Misalkan setahun di online sambil melihat respons pasar. Jika dalam proses itu berhasil, ketika buka offline, tidak akan kesulitan karena sudah memiliki branding. Namun menurut dia, bisnis kuliner online juga sudah berkembang. Berbisnis cukup di rumah. Apalagi sekarang ada aplikasi Go Food dari Gojek.
Dalam bisnis kuliner harus memperhatikan rasa, aroma dan kemasan. Ide adalah hal utama yang harus dimiliki ketika melangkah berusaha. Jika sudah berdiri usahanya, masalah SDM juga penting diperhatikan. Maka harus dicari yang sesuai dengan bisnis yang dibangun.

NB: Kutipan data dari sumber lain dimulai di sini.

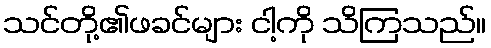
သင်တို့၏ဖခင်များ ငါ့ကို သိကြသည်။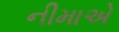
નીમાએ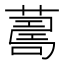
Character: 𦺚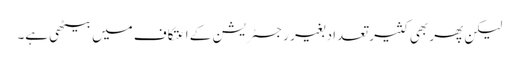
لیکن پھر بھی کثیر تعداد بغیر رجسٹریشن کے اعتکاف میں بیٹھی ہے۔
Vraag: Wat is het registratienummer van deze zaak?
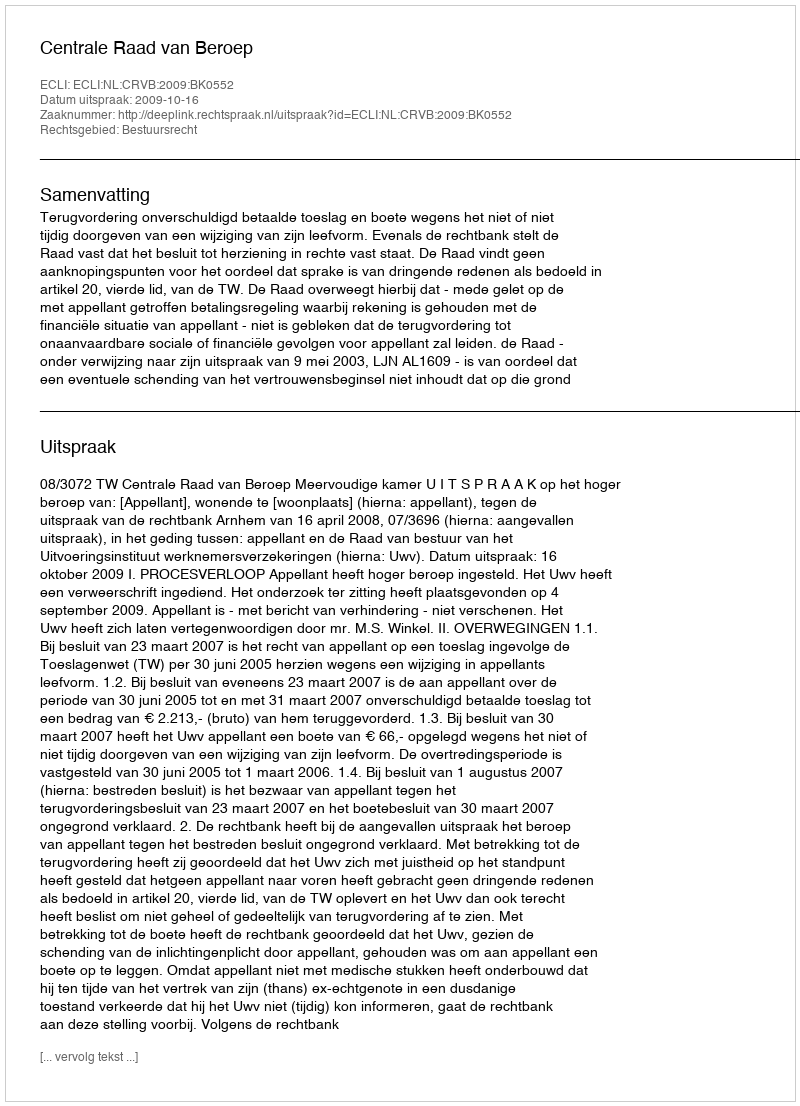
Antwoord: http://deeplink.rechtspraak.nl/uitspraak?id=ECLI:NL:CRVB:2009:BK0552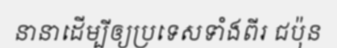
នានាដើម្បីឲ្យប្រទេសទាំងពីរ ជប៉ុន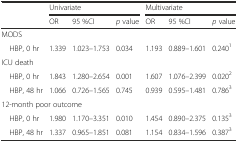
<table><thead><tr><td rowspan="2"></td><td colspan="3"><b>Univariate</b></td><td colspan="3"><b>Multivariate</b></td></tr><tr><td><b>OR</b></td><td><b>95 %CI</b></td><td><b><i>p</i> value</b></td><td><b>OR</b></td><td><b>95 %CI</b></td><td><b><i>p</i> value</b></td></tr></thead><tbody><tr><td colspan="7">MODS</td></tr><tr><td> HBP, 0 hr</td><td>1.339</td><td>1.023–1.753</td><td>0.034</td><td>1.193</td><td>0.889–1.601</td><td>0.240<sup>1</sup></td></tr><tr><td colspan="7">ICU death</td></tr><tr><td> HBP, 0 hr</td><td>1.843</td><td>1.280–2.654</td><td>0.001</td><td>1.607</td><td>1.076–2.399</td><td>0.020<sup>2</sup></td></tr><tr><td> HBP, 48 hr</td><td>1.066</td><td>0.726–1.565</td><td>0.745</td><td>0.939</td><td>0.595–1.481</td><td>0.786<sup>3</sup></td></tr><tr><td colspan="7">12-month poor outcome</td></tr><tr><td> HBP, 0 hr</td><td>1.980</td><td>1.170–3.351</td><td>0.010</td><td>1.454</td><td>0.890–2.375</td><td>0.135<sup>3</sup></td></tr><tr><td> HBP, 48 hr</td><td>1.337</td><td>0.965–1.851</td><td>0.081</td><td>1.154</td><td>0.834–1.596</td><td>0.387<sup>3</sup></td></tr></tbody></table>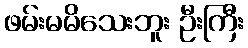
ဖမ်းမမိသေးဘူး ဦးကြီး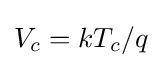
V_{c}=kT_{c}/q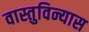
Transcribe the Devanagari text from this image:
वास्तुविन्यास
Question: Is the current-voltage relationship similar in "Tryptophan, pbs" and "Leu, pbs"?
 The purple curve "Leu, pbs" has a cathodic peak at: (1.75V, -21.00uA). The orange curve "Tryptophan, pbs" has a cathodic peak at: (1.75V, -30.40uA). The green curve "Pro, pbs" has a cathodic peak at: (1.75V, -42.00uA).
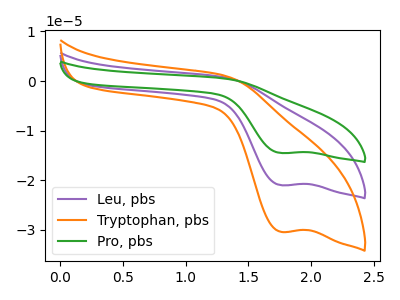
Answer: <think>All the peaks in "Tryptophan, pbs" have a peak in "Leu, pbs" at the same potential. Every peak in "Tryptophan, pbs" is higher than every peak in "Leu, pbs".
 </think>
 <answer>"Tryptophan, pbs" and "Leu, pbs" are similar in shape.</answer>
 <eval>same_shape</eval>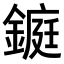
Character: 𨫆
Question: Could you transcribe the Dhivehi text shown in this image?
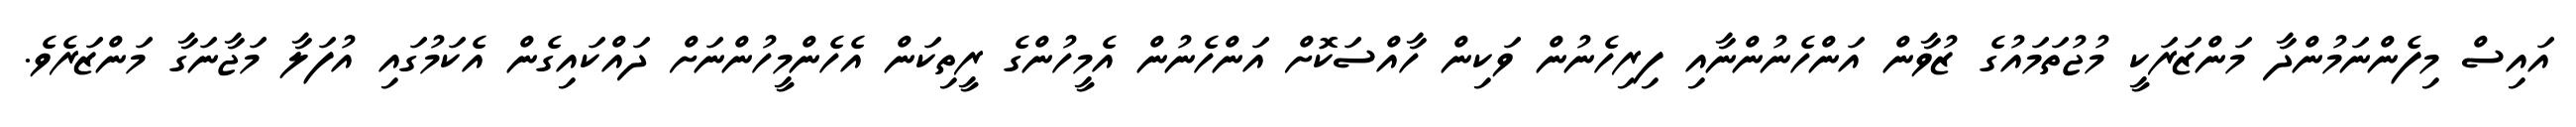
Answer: އައިސް މިފެންނަމުންދާ މަންޒަރަކީ މުޖުތަމައުގެ ޒުވާން އަންހެނުންނާއި ފިރިހެނުން ވަކިން ހާއްސަކޮށް އަންހެނުން އެމީހުންގެ ރީތިކަން އެހެންމީހުންނަށް ދައްކައިގެން އެކަމުގައި އުފަލާ މަޖާނަގާ މަންޒަރެވެ.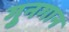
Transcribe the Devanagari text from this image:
गुनगान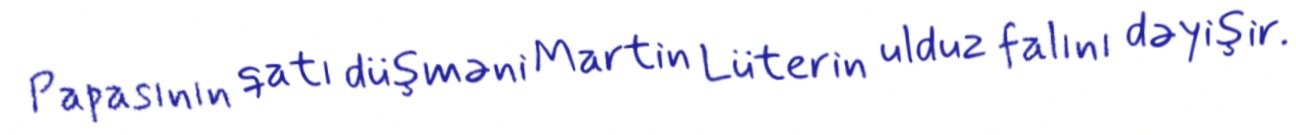
Papasının qatı düşməni Martin Lüterin ulduz falını dəyişir.

Tantangannya lainnya adalah perlu kerjasama dengan supplier. Karena sangat dimungkinkan jika belanja sendiri oleh karyawan, ada yang mencurangi harga atau barang tidak sesuai belanja. Sehingga harus sering mengecek ulang. Contohnya beli bawang sekian kg senilai sekian rupiah. Apa benar barang dan harganya sesuai.
"Namun jika dengan supplier, ibaratnya beli bawang Rp 5000 saja dilayani. Harganya juga jelas," kata host TV di beberapa program masak ini.
Dari perjalanan bisnis, menurut Agus adalah mempertahankan usaha yang sudah berjalan. Karena ada kalanya sepi sehingga harus disiapkan program promo atau kerjasama.
Latifah, seorang mahasiswa bertanya bagaimana menyiasati kenaikkan harga pokok. Padahal pengusaha tidak ingin mengurangi porsi makanan karena khawatir pelanggan pergi.
"Kalau saya lebih memilih cari harga tengah. Misalkan harga bawang per kg antara Rp 20.000 sampai Rp 30.000. Maka saya pakai perkiraan harga tengah Rp 25.000 per kg," ujar penulis buku ini.
Sehingga ketika menjual harga makanan sudah diprediksi kenaikan beberapa produknya.
"Jangan berasumsi dengan harga termurah," tipsnya. Sebab ketika naik, akan memberatkan. Namun jika sedang naik, berada di tengah-tengah, jika menaikkan harga tak banyak. Misalkan Rp 1000.
Sepengetahuan dia, tak pernah harga kebutuhan pokok naik semua. Namun hanya beberapa. Tips lainnya adalah jika punya usaha offline, maka tukang parkir juga perlu kerjasama. Karena ulah tukang parkir bisa jadi penyebab orang enggan datang. Sehingga tukang parkirnya bisa berlaku sopan dari sikap dan lisan.
Pesan Chef Agus kepada mahasiswa adalah motivasi harus datang dari diri sendiri.
"Hidup itu harus punya impian untuk melangkah setiap harinya," kata dia.
Jika bermimpi jadi pengusaha kuliner, maka miliki pengetahuan dengan kuliah atau kursus kuliner, bergaul dengan orang kuliner. "Jika impian kita jelas, maka jalankan," papar Agus.